Bioluminescence imaging (BLI) is based on the catalytic activity of luciferase enzymes, which oxidize the substrate called luciferin to generate an excited-state molecule that emits bioluminescence.
In vivo bioluminescence imaging (BLI) has enabled visualization of biological processes in intact living organisms, providing abundant quantitative, spatiotemporal information that is far beyond the reach of conventional in vitro assays. Unlike the fluorescence imaging technique, BLI requires no external excitation light that might cause background fluorescence or phototoxicity in analyzed samples. Therefore, one can achieve exquisitely sensitive imaging in opaque heterogeneous tissues. Consequently, BLI has enabled in vivo monitoring of various biological processes such as tumor growth, cancer metastasis, and bacterial infection[1] [1].
Luciferases used in BLI are derived from diverse species that include beetles, sea pansy, copepods, and deep-sea shrimp. The corresponding luciferins hold distinct chemical structures: firefly luciferase (FLuc, Figure 1a) requires d-luciferin (Figure 2a), while marine Renilla luciferase (RLuc, Figure 1b) and Oplophorus luciferase (OLuc) use coelenterazine (Figure 3b). All luciferins require chemical reactions to emit bioluminescence: the oxidation of luciferins by luciferases to yield excited-state oxyluciferin, and relaxation to the ground state with photon emission. Despite their similarity, the color and intensity of the emitted bioluminescence and the dependency on pH and other molecules (e.g., ATP) differ among luciferase–luciferin pairs. Therefore, the selection of appropriate luciferase–luciferin pairs according to the biological process of interest is crucially important for BLI.
Typical natural luciferases emit weak bioluminescence with wavelengths shorter than 650 nm. Therefore, the major obstacles hindering the wider use of in vivo BLI have been the absorption and scattering of emitted bioluminescence by the host tissue. To overcome the defects, many studies have been conducted to yield brighter, red-shifted bioluminescence systems by genetic or chemical engineering. This review briefly explains recent advances in the development of engineered bioluminescence systems. To elucidate the improvements of bioluminescence intensity, we first specifically describe the mutagenic engineering on FLuc, RLuc, and OLuc. Then, we introduce another approach for enhancing bioluminescence intensity using fluorescent proteins, which is based on bioluminescence resonance energy transfer (BRET). Regarding wavelength engineering, we introduce both genetic luciferase manipulation and chemical luciferin engineering. We offer conclusions and perspectives for the future improvement of bioluminescence systems.

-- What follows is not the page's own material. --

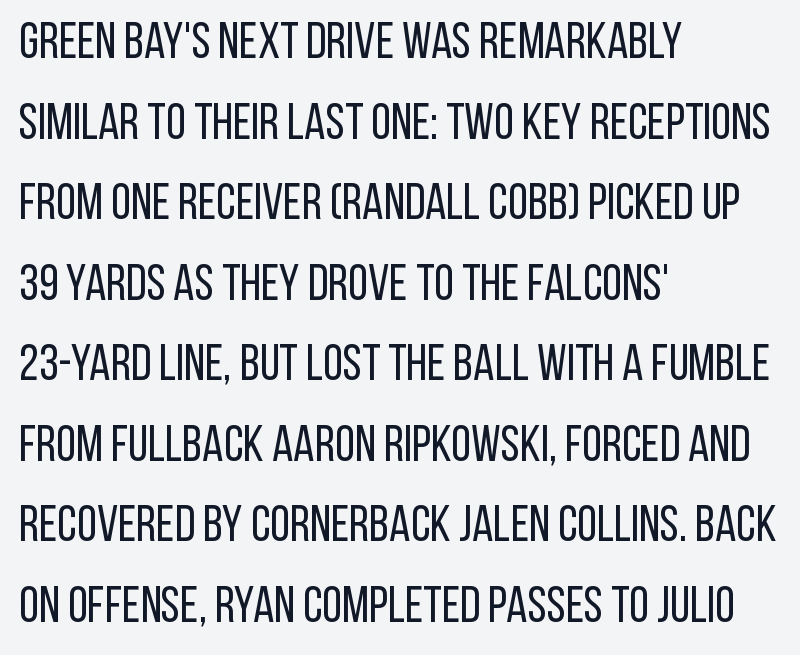
The image shows 51 px regular-weight, condensed sans-serif type, upright; set left-aligned, normal line spacing (1.58x), normal letter spacing, not underlined; low stroke contrast and a large x-height.

Figure 1. 3D structures of luciferases used in in vivo bioluminescence imaging (BLI). (a) Photinus pyralis firefly luciferase (FLuc); PDB ID: 5DVQ. (b) Renilla reniformis luciferase (RLuc); PDB ID: 2PSD. (c) NanoLuc luciferase (NLuc); PDB ID: 5IBO.
Figure 2. Chemical structures of d-luciferin and its red-shifted derivatives: (a) d-luciferin, (b) NH2-NpLH2, (c) OH-NpLH2, (d) 6′-aminoluciferin, (e) CycLuc1, (f) CycLuc2, (g) CycLuc7, (h) CycLuc10 (i) Infra-luciferin, (j) Akalumine-HCl, (k) PhOH-Luc.
Figure 3. Coelenterazine derivatives for brighter or red-shifted bioluminescence systems: (a) Coelenterazine, (b) Furimazine, (c) Diphenylterazine, (d) Selenoterazine, (e) Coelenterazine-v, (f) DeepBlueC, (g) methoxy-eCoelenterazine, (h) BBlue2.3, (i) Hydrofurimazine, (j) Fluorofurimazine, (k) 8pyDTZ.